11:15-11:45am PT / 12:15-12:45pm MT / 1:15-1:45pm CT / 2:15-2:45pm ET
Optical mineralogy reference tutorials and unknowns on YouTube
Matt Kohn, Boise State University
These videos are not directly an activity, but rather serve as a publicly-available foundation for upper level undergraduate lab instruction in optical mineralogy and igneous and metamorphic petrology. A set of ~50 reference tutorials covers most major minerals (quartz, plagioclase, garnet, etc.) plus some key topics in optical mineralogy (pleochroism, cleavage, etc.). These tutorials have voice-over explanations and options for comments. Another ~200 videos show "unknowns" – rocks that have readily identifiable minerals, but without explanation or option for comments. A google doc answer key is available to instructors for the unknowns, along with a list of topics that I use the rocks to teach about (pleochroism, relief, textures etc.). The videos serve as a reference point summarizing key mineral characteristics, and as an on-line option for viewing minerals in thin section.

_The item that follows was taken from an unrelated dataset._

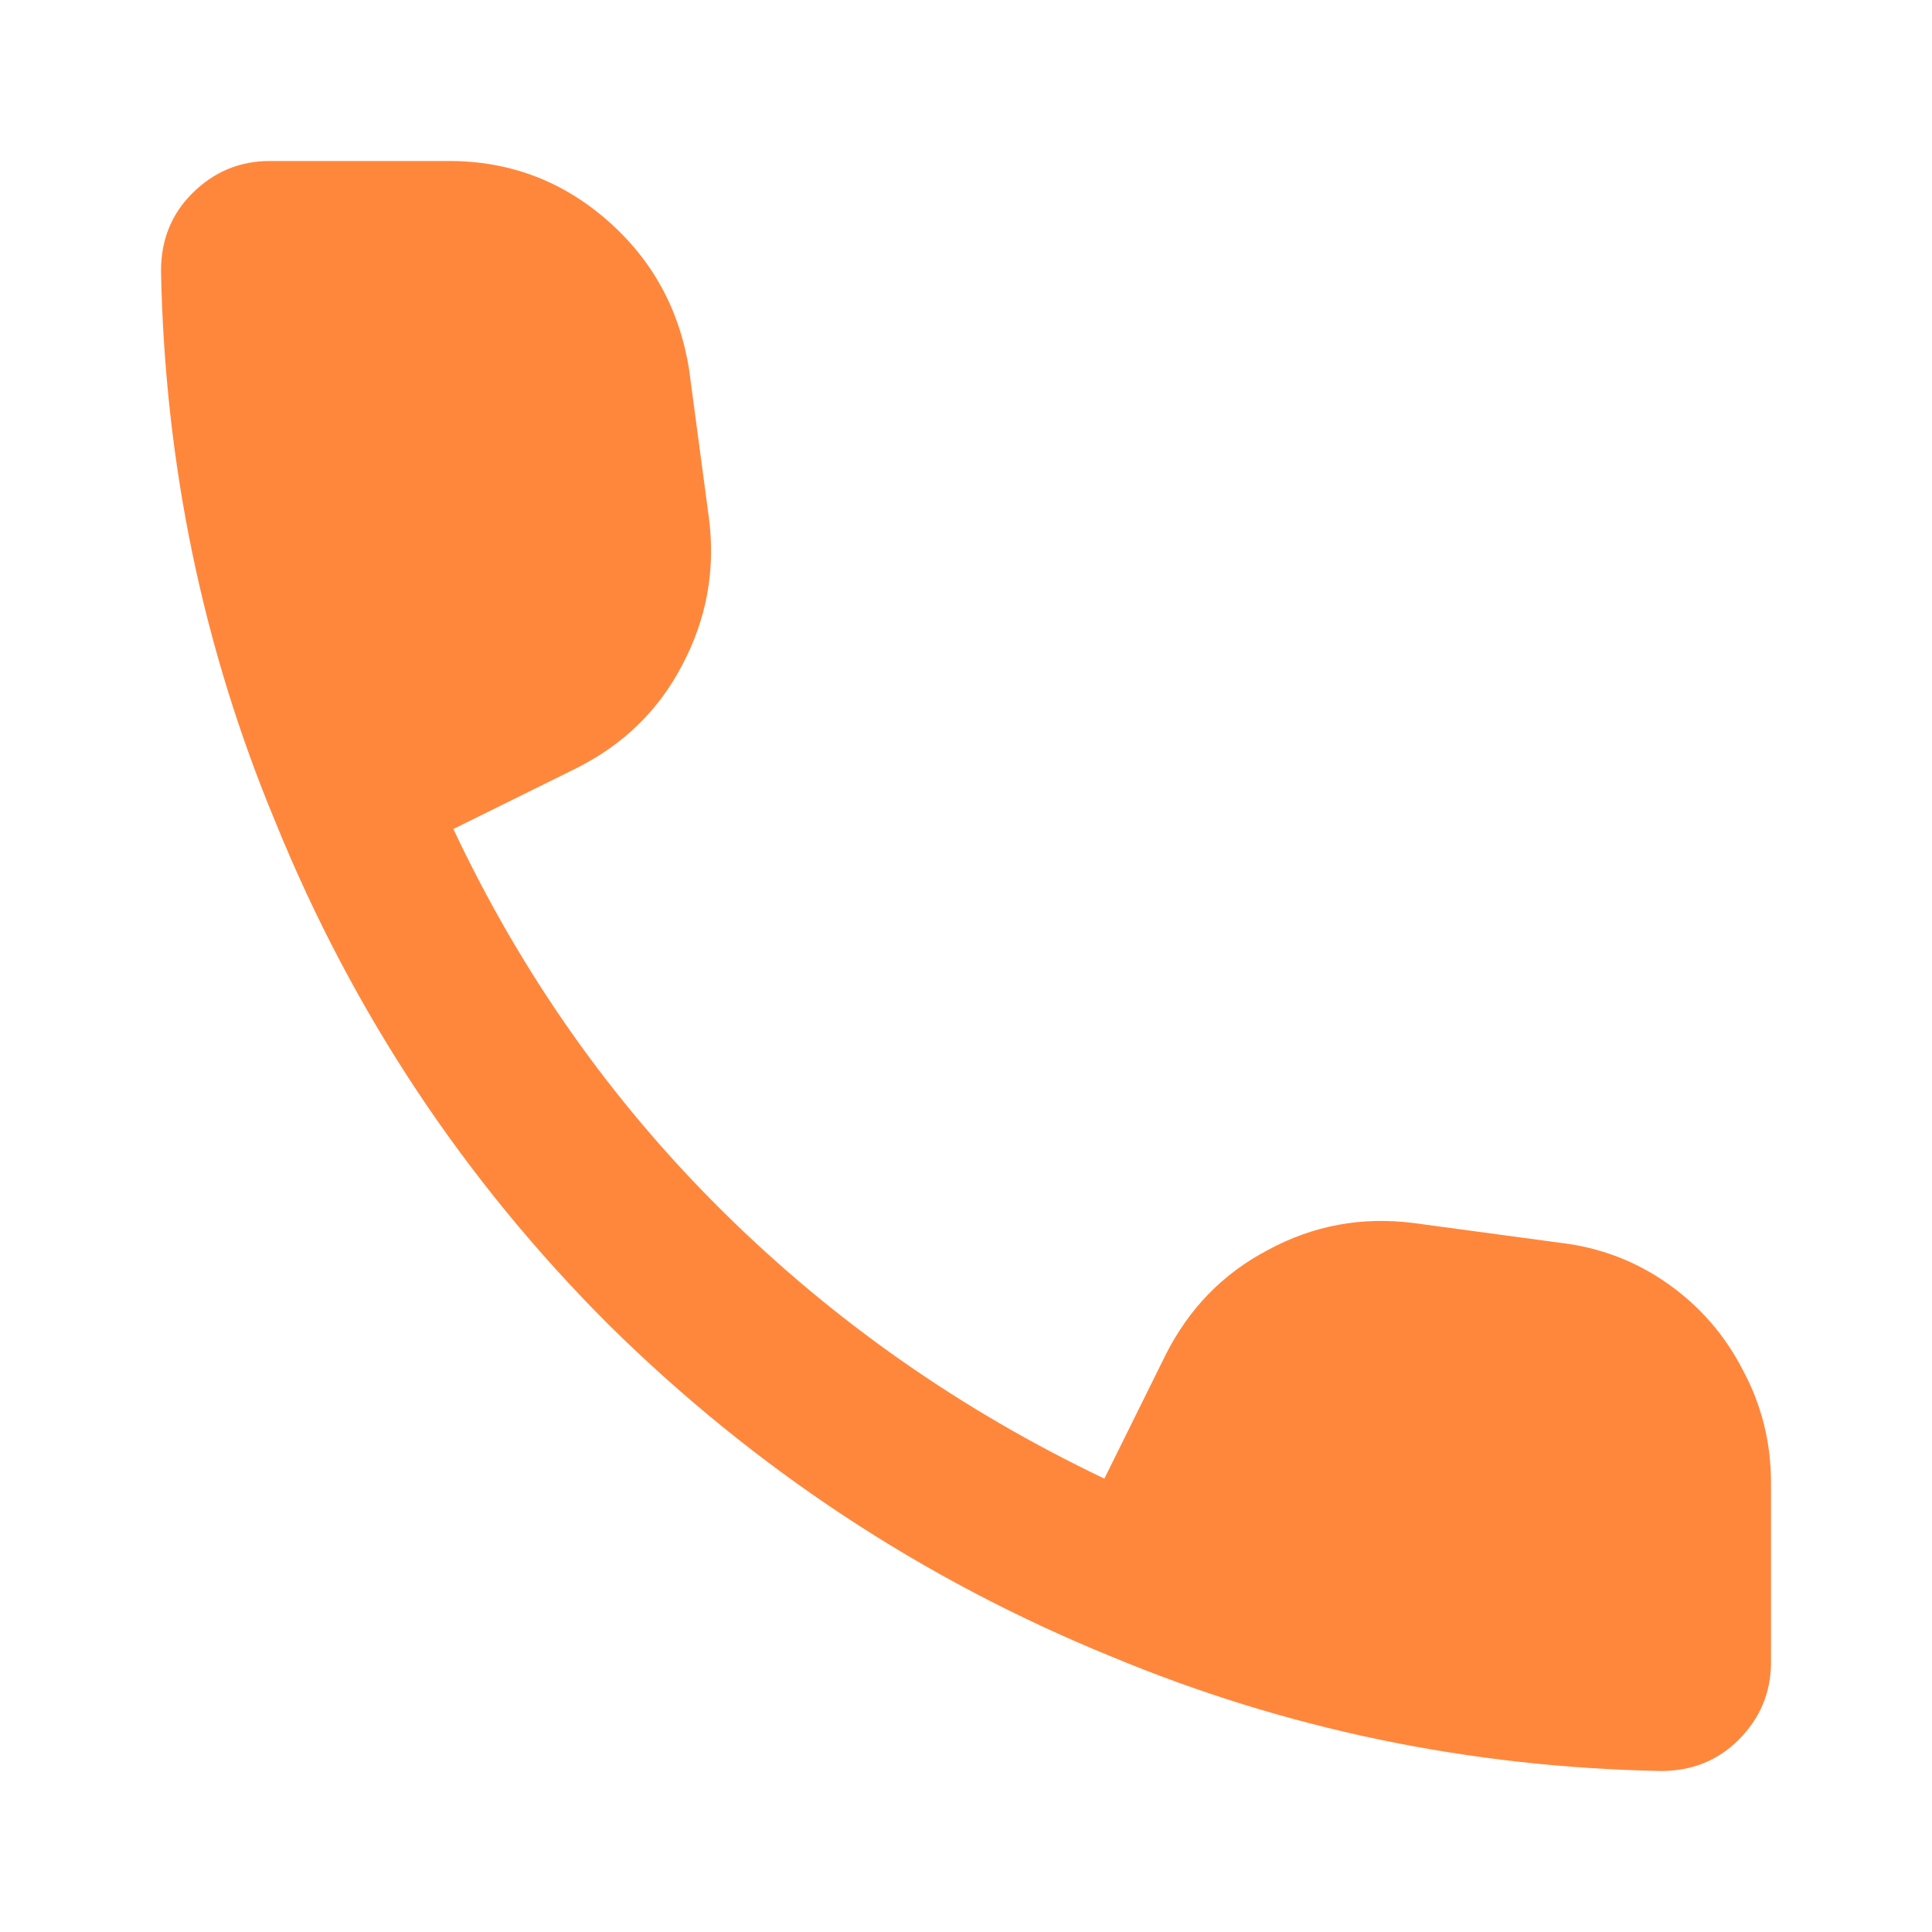 <?xml version="1.0" encoding="UTF-8"?> <svg xmlns="http://www.w3.org/2000/svg" width="24" height="24" viewBox="0 0 24 24" fill="none"> <path d="M5.632 10.298C6.474 12.088 7.585 13.667 8.965 15.035C10.345 16.404 11.93 17.515 13.719 18.368L14.474 16.842C14.766 16.257 15.193 15.819 15.754 15.526C16.316 15.222 16.918 15.111 17.561 15.193L19.386 15.439C19.877 15.497 20.322 15.667 20.719 15.947C21.117 16.228 21.427 16.585 21.649 17.017C21.883 17.45 22 17.918 22 18.421V20.649C22 21.023 21.866 21.345 21.596 21.614C21.339 21.871 21.017 22 20.632 22C18.246 21.953 15.971 21.48 13.807 20.579C11.456 19.62 9.374 18.246 7.561 16.456C5.76 14.655 4.38 12.573 3.421 10.21C2.52 8.047 2.047 5.766 2 3.368C2 2.982 2.129 2.661 2.386 2.404C2.655 2.135 2.977 2 3.351 2H5.579C6.327 2 6.982 2.246 7.544 2.737C8.105 3.228 8.444 3.848 8.561 4.596L8.807 6.439C8.889 7.082 8.778 7.69 8.474 8.263C8.181 8.825 7.743 9.251 7.158 9.544L5.632 10.298Z" fill="#FF873C"></path> </svg>

11:15-11:45am PT / 12:15-12:45pm MT / 1:15-1:45pm CT / 2:15-2:45pm ET
Urban Thermal Energy Modeling in high school Chemistry classrooms
Bess Caplan, Cary Institute of Ecosystem Studies
Alan Berkowitz, Cary Institute of Ecosystem Studies
The Integrating Chemistry and Earth science (ICE) project developed a new high school chemistry curriculum that infuses Earth science content into a traditional high school chemistry course. In the Thermochemistry Unit, students explore Heat Energy pathways in Urban Baltimore. Teachers use an embedded assessment 2-3 times during instruction to evaluate student understanding and assess learning about how heat energy is transferred, stored and released in urban areas. Teachers pair these assessments with lessons on the heat capacity of urban materials (brick, concrete, marble) and a schoolyard heat exploration using infrared thermometers to help students understand that heat energy behaves differently in urban vs. rural settings. Student outcomes include a more nuanced understanding of how the urban structure influences the behavior of heat energy and how human-built structures contribute to the Urban Heat Island Effect.